Security Interview Question 4: What do you think about security convergence and its effect on our company?
Executives may not use the word convergence, but you can bet they have heard about or have thought about the movement that security is making toward being part of a larger risk management strategy. It is likely that they will try to suss out your perspective and experience in this area at some point during the interview. "You need to be prepared to discuss convergence, what the pros and cons are, and what your vision is for how to get there," says Champion.
Security Interview Question 5: How do you sell security to other executives?

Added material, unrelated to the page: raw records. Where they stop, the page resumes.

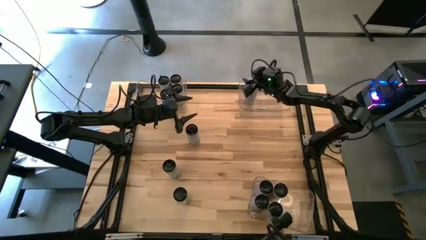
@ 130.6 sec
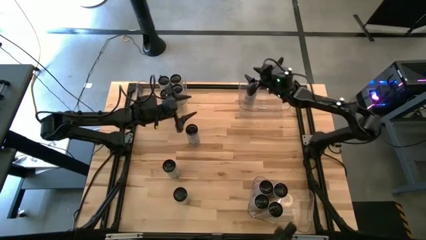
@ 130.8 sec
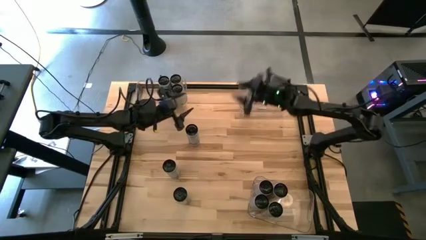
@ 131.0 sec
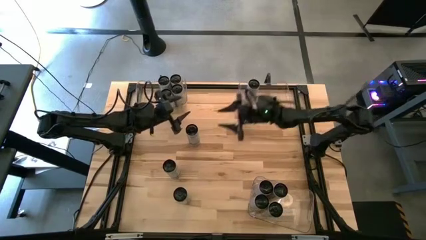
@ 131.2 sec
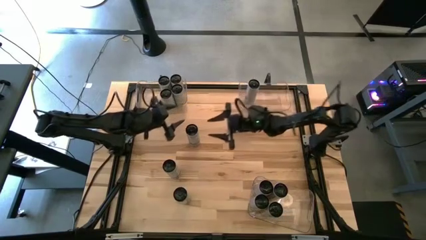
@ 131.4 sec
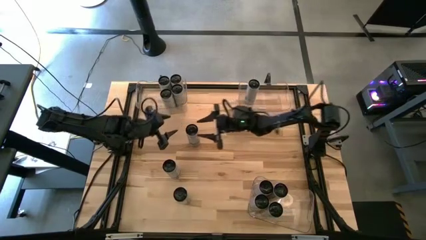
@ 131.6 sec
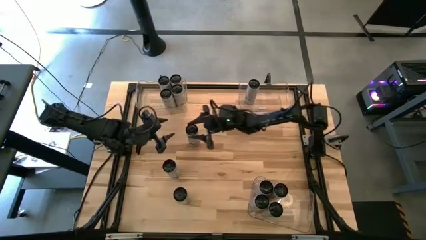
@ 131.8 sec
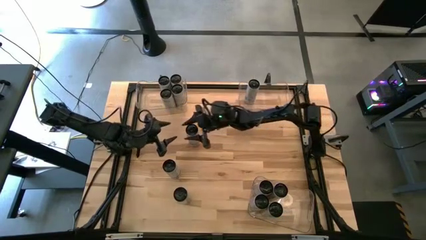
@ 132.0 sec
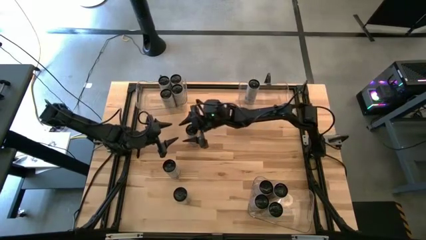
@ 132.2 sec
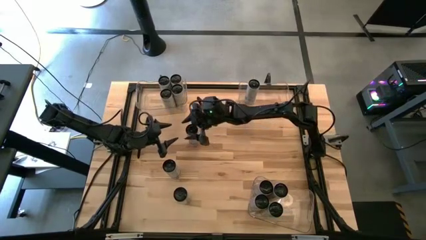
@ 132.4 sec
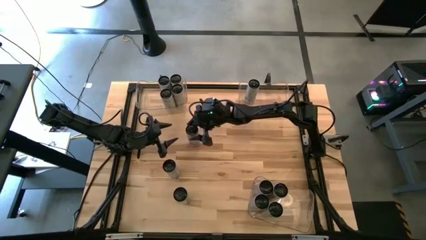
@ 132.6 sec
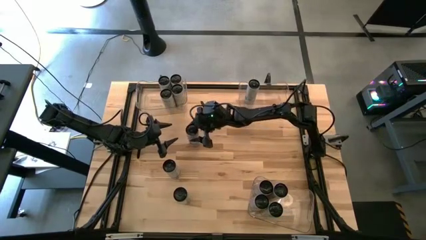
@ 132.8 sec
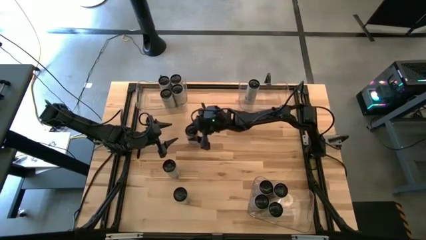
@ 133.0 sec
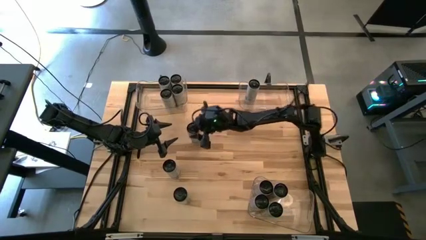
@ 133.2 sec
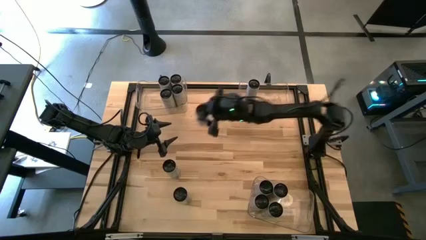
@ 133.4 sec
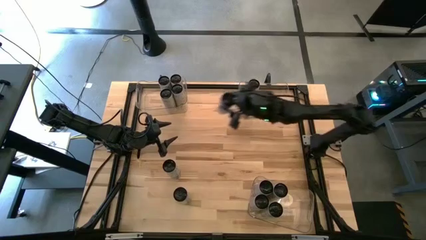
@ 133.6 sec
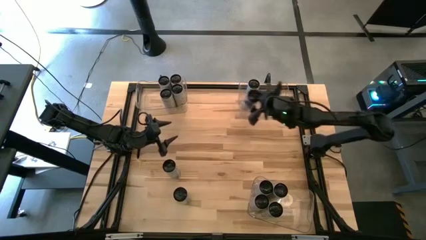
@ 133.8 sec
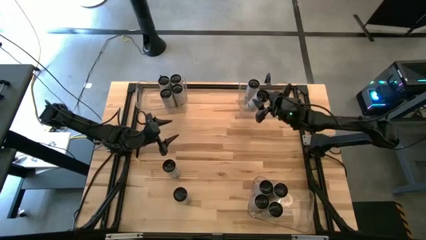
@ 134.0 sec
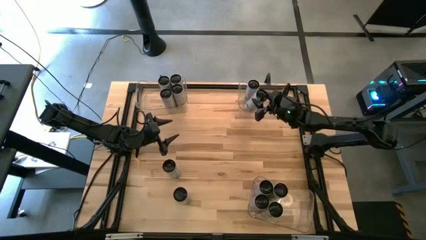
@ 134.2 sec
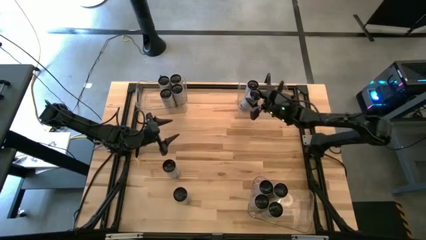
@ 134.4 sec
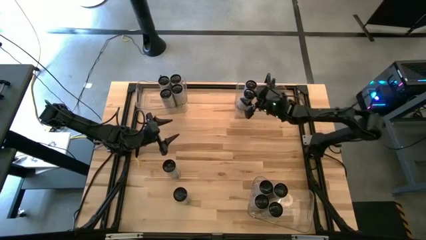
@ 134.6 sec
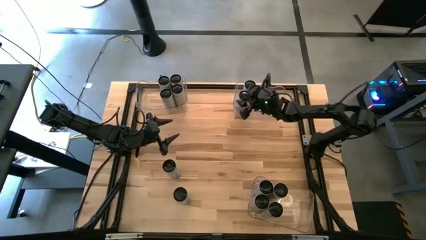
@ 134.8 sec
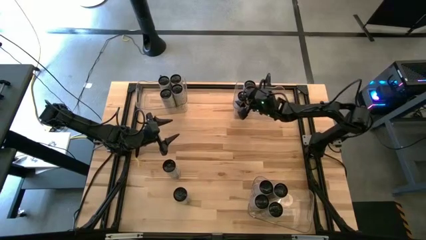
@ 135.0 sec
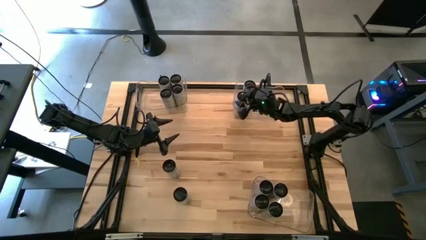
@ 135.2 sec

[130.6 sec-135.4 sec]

Good sales and leadership skills are critically important. After all, what good is all that vision and experience if you can't persuade others to your way of thinking? Veteran security executive Pamela Fusco, an adviser to the Information Systems Security Association, has often been asked to make a sales pitch for a particular business case during an interview. "Executive management needs to know that you can talk at multiple levels and build a business case," says Fusco.
Security Interview Question 6: How do you sell security to the company at large?

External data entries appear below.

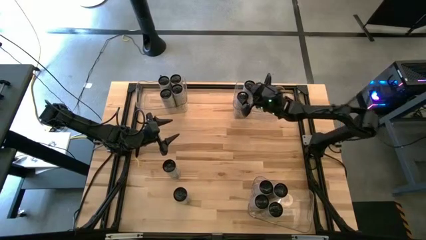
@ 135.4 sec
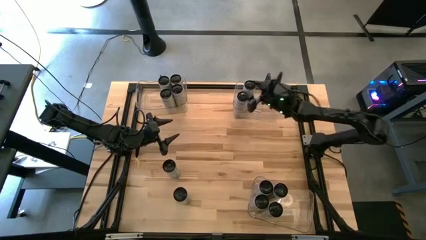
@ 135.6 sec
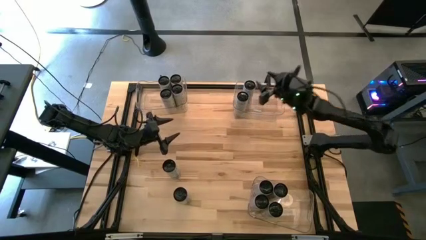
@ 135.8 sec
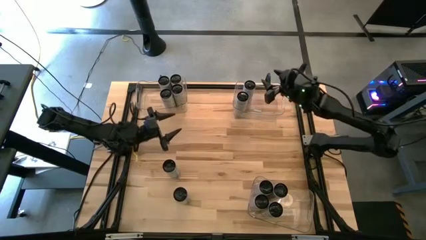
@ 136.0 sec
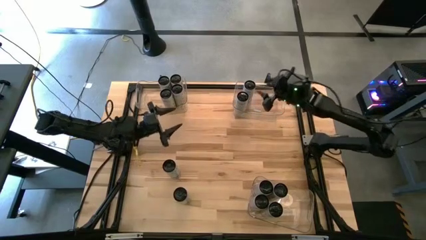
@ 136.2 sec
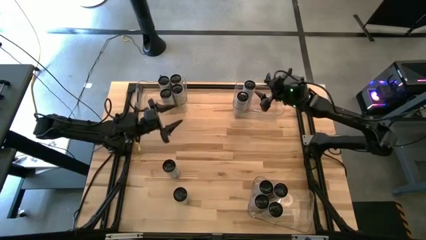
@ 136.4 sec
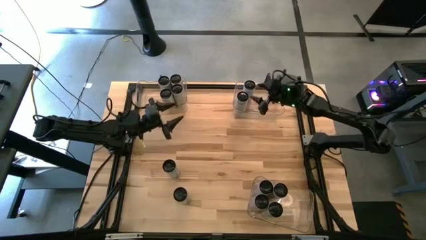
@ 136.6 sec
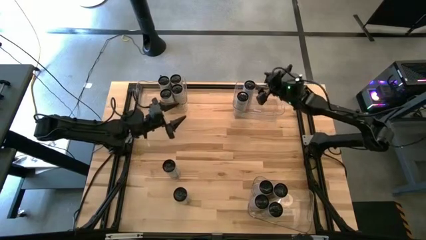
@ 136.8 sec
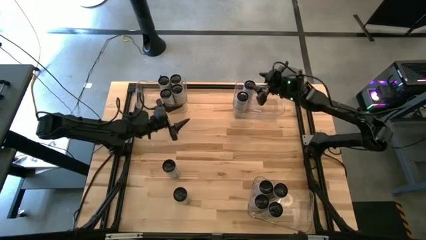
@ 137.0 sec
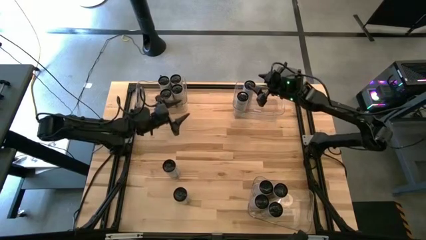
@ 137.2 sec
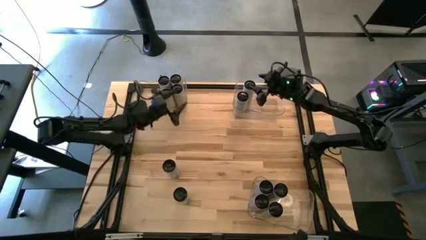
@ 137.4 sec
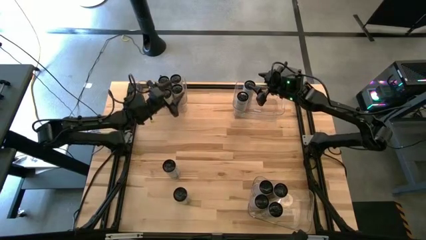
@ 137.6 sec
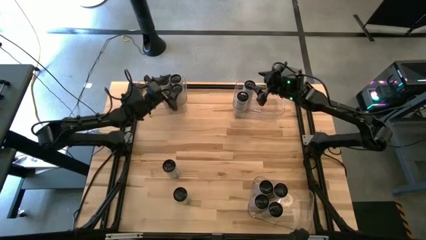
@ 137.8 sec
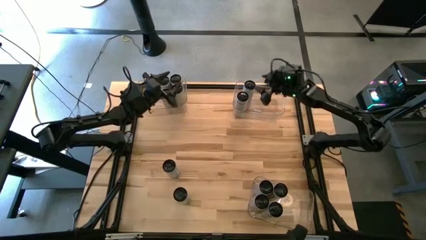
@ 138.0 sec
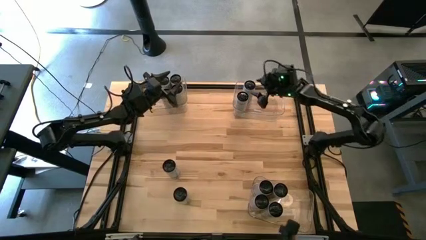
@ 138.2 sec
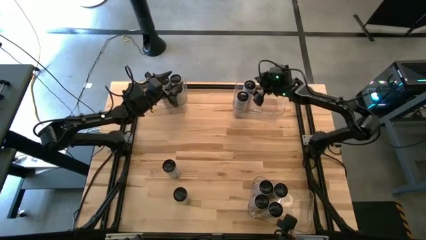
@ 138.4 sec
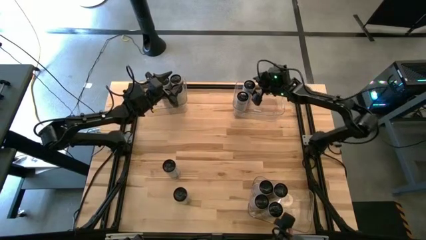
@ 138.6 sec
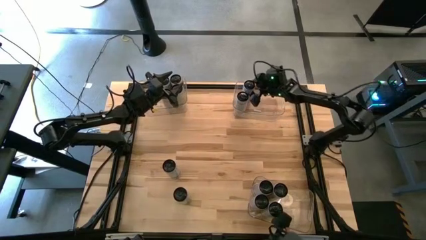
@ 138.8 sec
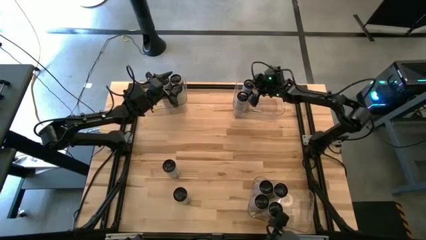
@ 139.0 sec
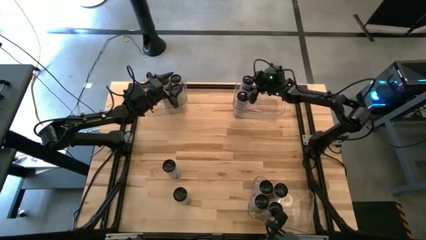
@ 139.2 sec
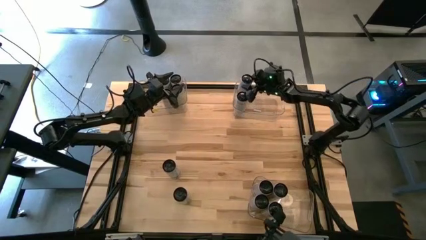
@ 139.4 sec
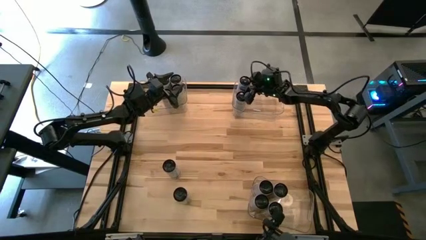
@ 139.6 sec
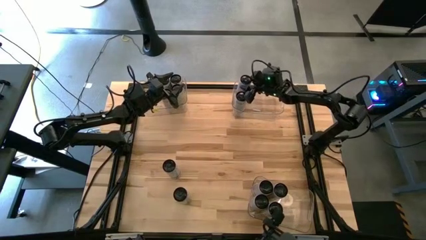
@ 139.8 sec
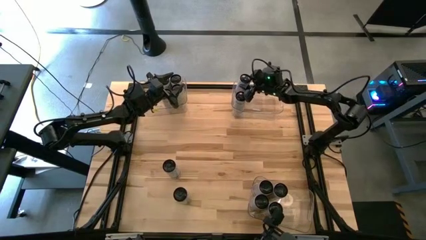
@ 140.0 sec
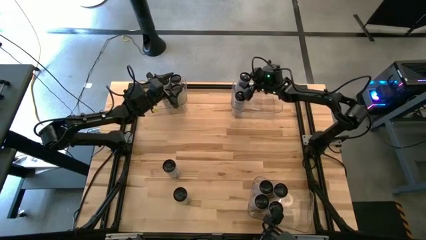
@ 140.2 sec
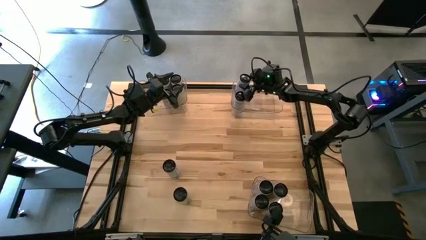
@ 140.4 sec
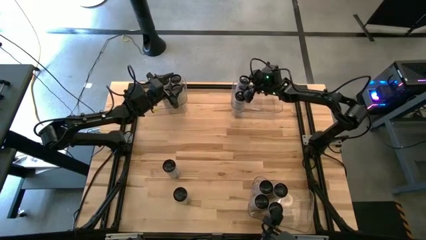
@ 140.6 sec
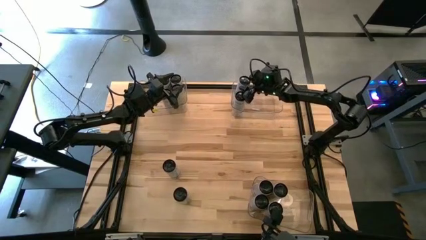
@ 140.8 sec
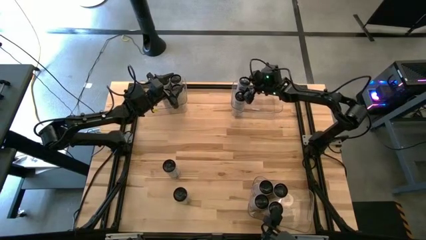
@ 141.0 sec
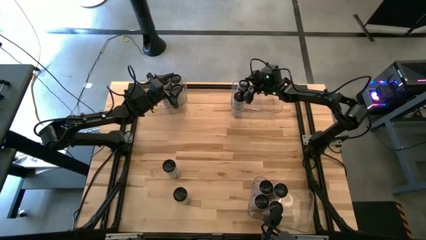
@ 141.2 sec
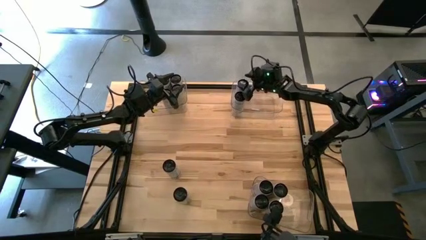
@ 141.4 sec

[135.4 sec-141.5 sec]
Adjust the white-blue soda can into the top right transparent bin

Influencing the average employee also comes with the job, and it's often the greatest challenge for security executives. "You have to demonstrate that you can make people change even when they don't want to," says Robert Garigue, vice president for information integrity and chief security executive for Bell Canada. Candidates should go into an interview with examples of situations in which they were able to change ingrained behaviors and long-established processes to accomplish a security goal.

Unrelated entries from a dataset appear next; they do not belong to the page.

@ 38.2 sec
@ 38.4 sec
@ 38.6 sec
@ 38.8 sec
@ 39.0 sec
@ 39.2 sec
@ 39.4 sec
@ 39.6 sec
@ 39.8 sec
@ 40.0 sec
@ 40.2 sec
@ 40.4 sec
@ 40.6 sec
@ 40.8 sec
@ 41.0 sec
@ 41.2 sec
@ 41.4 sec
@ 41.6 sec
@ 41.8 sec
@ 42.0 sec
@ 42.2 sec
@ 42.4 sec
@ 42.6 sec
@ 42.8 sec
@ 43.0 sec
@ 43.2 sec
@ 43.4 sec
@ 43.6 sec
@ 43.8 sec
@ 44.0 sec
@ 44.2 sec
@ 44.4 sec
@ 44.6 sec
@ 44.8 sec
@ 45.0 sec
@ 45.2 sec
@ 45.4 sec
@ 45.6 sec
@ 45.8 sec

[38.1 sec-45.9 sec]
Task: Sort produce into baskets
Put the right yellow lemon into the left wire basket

Security Interview Question 7: Why are you leaving your current job?
This is a question where CSO candidates can sabotage themselves by going negative. It's important to be honest but to also stay positive. Perhaps you are looking for greater opportunities for development, a new career challenge or to launch into a different industry or type of company. Don't use the interview to vent about the inadequacies of your current job.
"I've witnessed a lot of senior security position interviews where the individual was crying over spilled milk," says Kevin Lampeter, chief security and fraud officer with a global financial services firm. "If the conversation is about what everyone did to make their job harder, that tells me that they didn't take ownership. That reflects on a candidate's ability to be collaborative and their interpersonal skills." Airing dirty laundry is also poor judgment, says Lampeter. If a candidate is speaking poorly of his current employer, chances are good he'll do the same thing to the next one.
Security Interview Question 8: Are you willing to be accountable for security?
This question digs into your knowledge about government regulations that apply to the prospective employer. A candidate needs to be conversant with any regulations that affect the company he's interviewing with, and must show he can integrate business requirements into an overall security program and organization. "They take for granted that you understand all the baseline physical and IT security stuff," says Champion. "They want to know: [Do] you understand their compliance environment and Sarbanes-Oxley? Can you interpret a SAS 70 report from an IT vendor? How will you keep them out of hot water with regulators, auditors and shareholders?"
Security Interview Question 9: Are you a risk-taker?
Security executives are often walking a fine line when they talk about risk with business owners. Business leaders want a CSO who is a risk-taker because they want to do more, do it faster, and they don't want a security executive who constantly says no. In the interview you have to demonstrate that you have a balanced approach to risk and that you are willing to explore ways that the company can take on more risk if that's what it wants to do. "We've all got great examples about how we said no," says Garigue. "What we need are examples of how we said 'yes, take the risk,' but in a controlled way."
Security Interview Question 10: What does this role mean to you?
Once you've gotten through some of the more technical and strategic questions, it's likely that at least one interviewer will throw you an open-ended question like this one. This is your chance to talk about what makes you unique. When Baird was asked this question at United Rentals, it was a welcome opportunity to lay out his perspective. "I explained what I could bring to the table, how I would fit in, and I was candid about the type of organization that I wanted to build. It was a chance to then turn the question back to them and ask if that was the kind of security organization they wanted in their company," he says.
One final thought: CSOs are still the new kids on the block. So don't get hung up on giving the "right" answer or projecting yourself as a traditional CSO, because there is no such thing. "Remember," says Garigue, "the different organizations, problems and laws that you have had to work with have evolved you into the person you are today."